Case Report
Chronic Dis Int. 2015;2(2): 1016.
Gilbert’s Syndrome and Proteinuria: A Case Report
Vaia D. Raikou1* and Despina Kyriaki2
1Department of Medicine, National & Kapodistrian University of Athens, Greece
2Department of Nuclear Medicine, General Hospital Athens, Greece
*Corresponding author: Vaia Raikou, Department of Medicine, National & Kapodistrian University of Athens, 17 Agiou Thoma -Athens, Greece
Received: May 13, 2015; Accepted: June 22, 2015; Published: June 23, 2015
Abstract
Gilbert’s syndrome is characterized by increased unconjugated bilirubin in the plasma. Bilirubin may be associated with chronic antihypertensive actions, due to its role on renal hemodynamic and renal tubule function.
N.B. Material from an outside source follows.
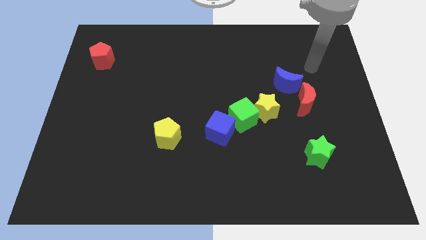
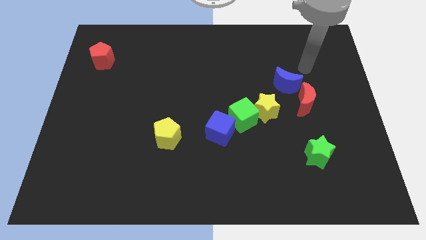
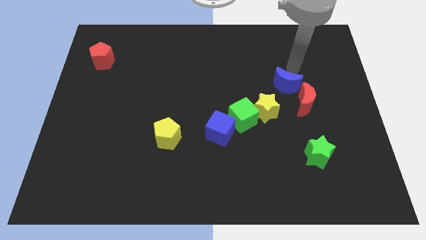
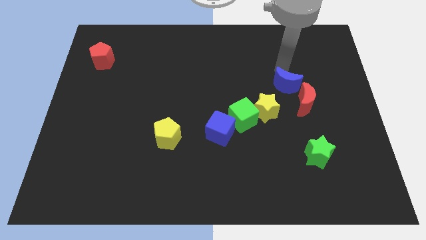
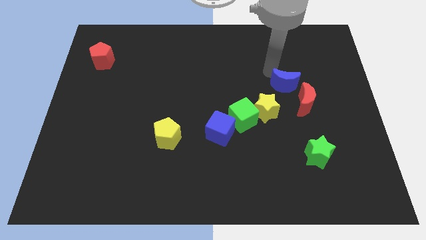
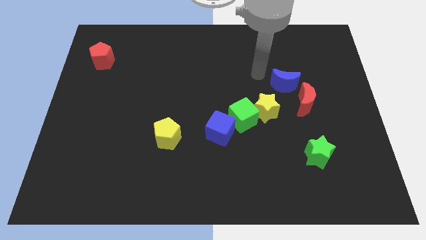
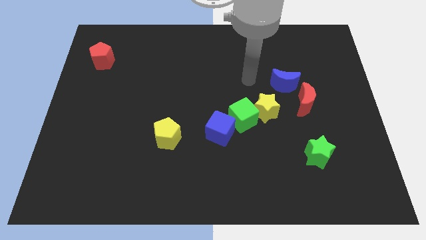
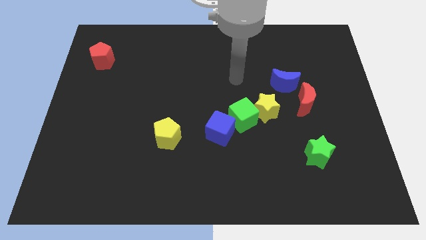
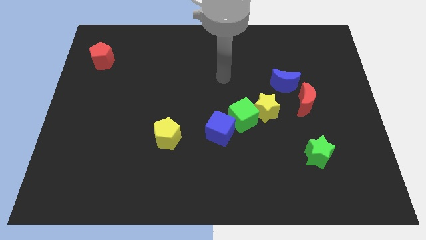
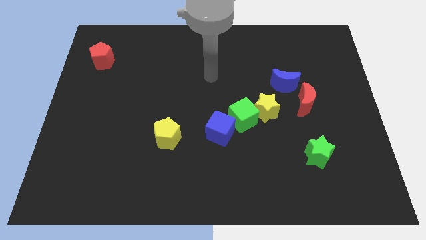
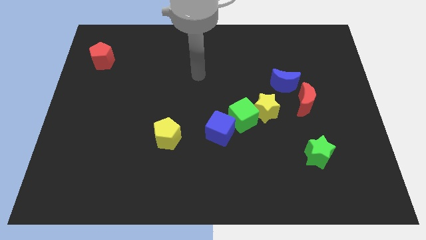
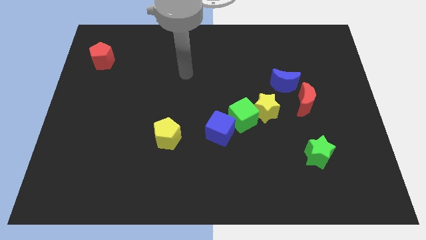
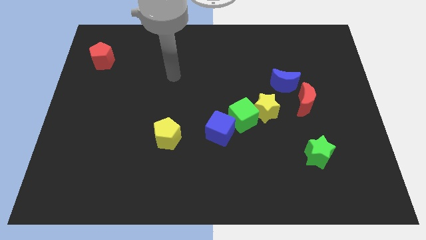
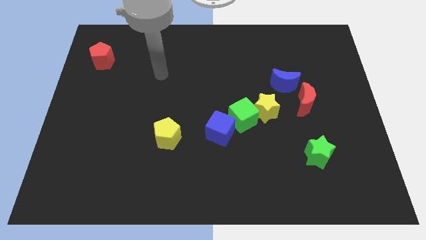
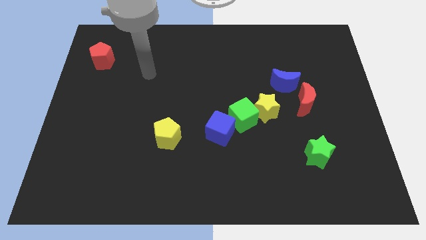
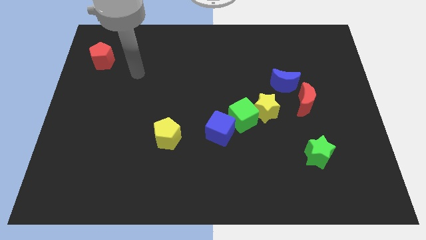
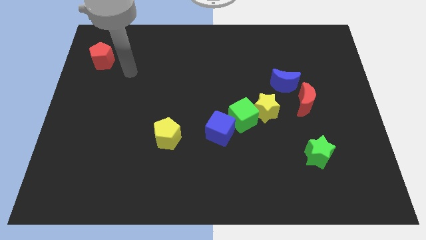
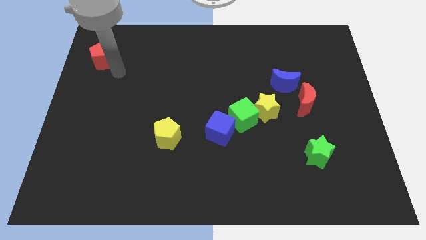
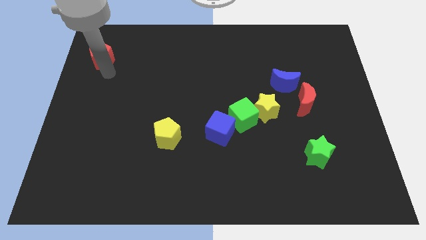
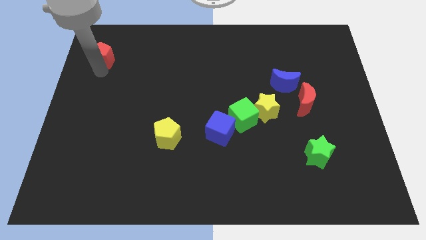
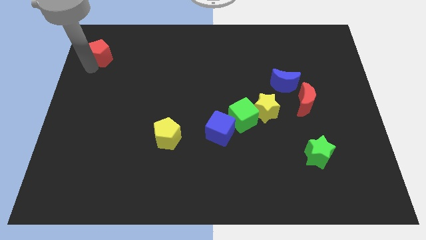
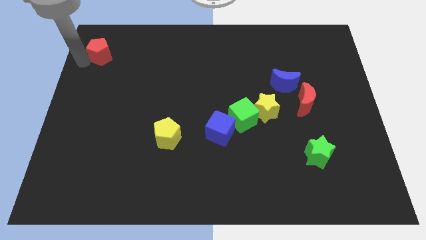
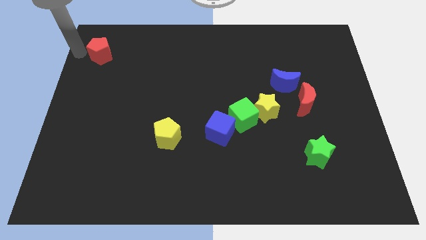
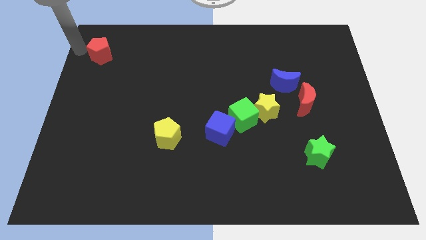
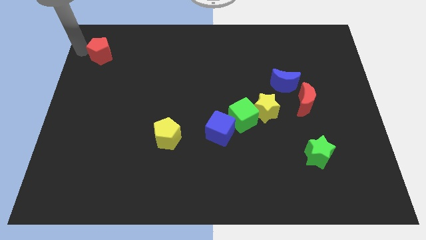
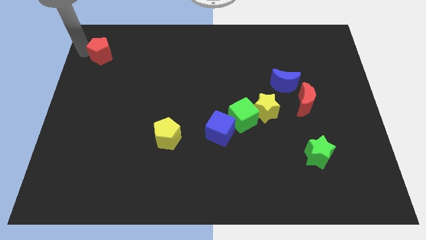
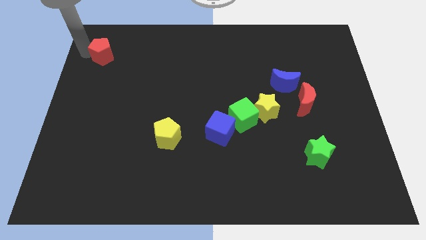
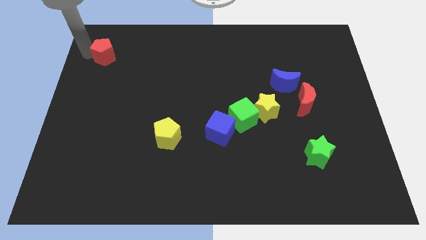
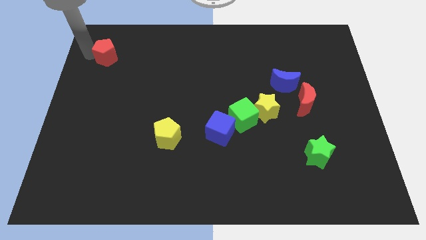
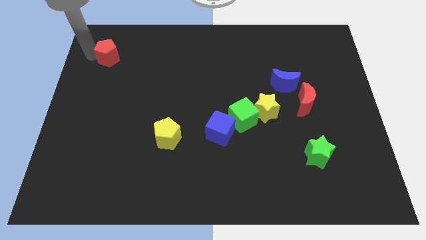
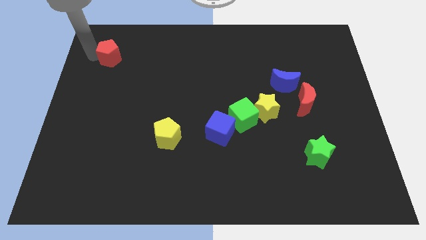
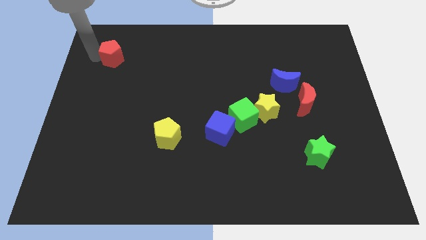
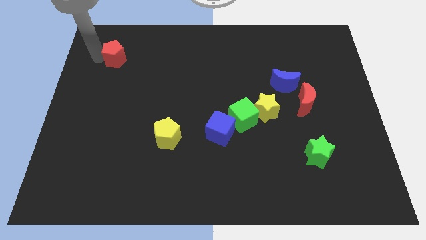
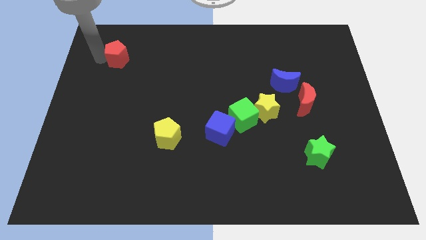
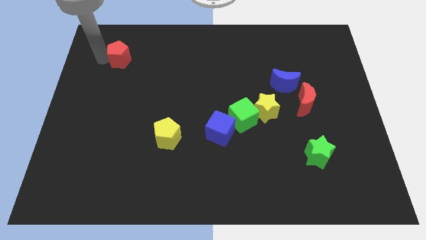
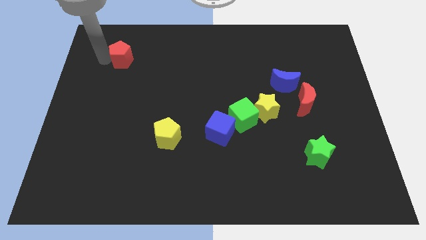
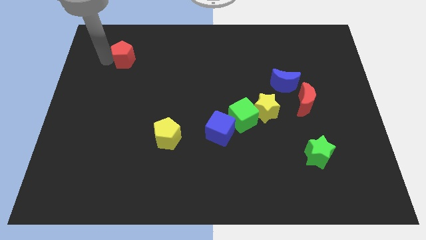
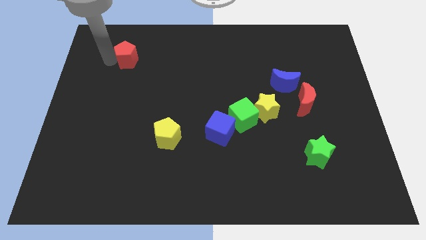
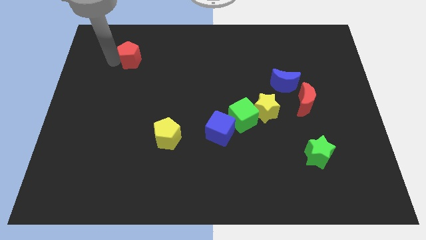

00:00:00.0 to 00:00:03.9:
slide the red pentagon to the right a little

We describe a case of patient with Gilbert’s disease and proteinuria.
Keywords: Gilbert’s syndrome; Proteinuria; Bilirubin
Introduction
Gilbert’s syndrome, with a prevalence of 1% to 3% in general population, is a common, harmless genetic condition characterized by increased unconjugated bilirubin in the plasma, due to mutations in hepatic UDP-glucuronosyltransferase (UGT1A1), which decrease the conjugation of bilirubin in the liver. Bilirubin is derived from the breakdown of red blood cells produced heme by Heme Oxygenase (HO) enzymes in the spleen. In the blood, bilirubin travels to the liver and is conjugated by hepatic UGT1A1 enzymes. The conjugated bilirubin then exits the liver through the biliary ducts into the bile where it is eliminated through the digestive system.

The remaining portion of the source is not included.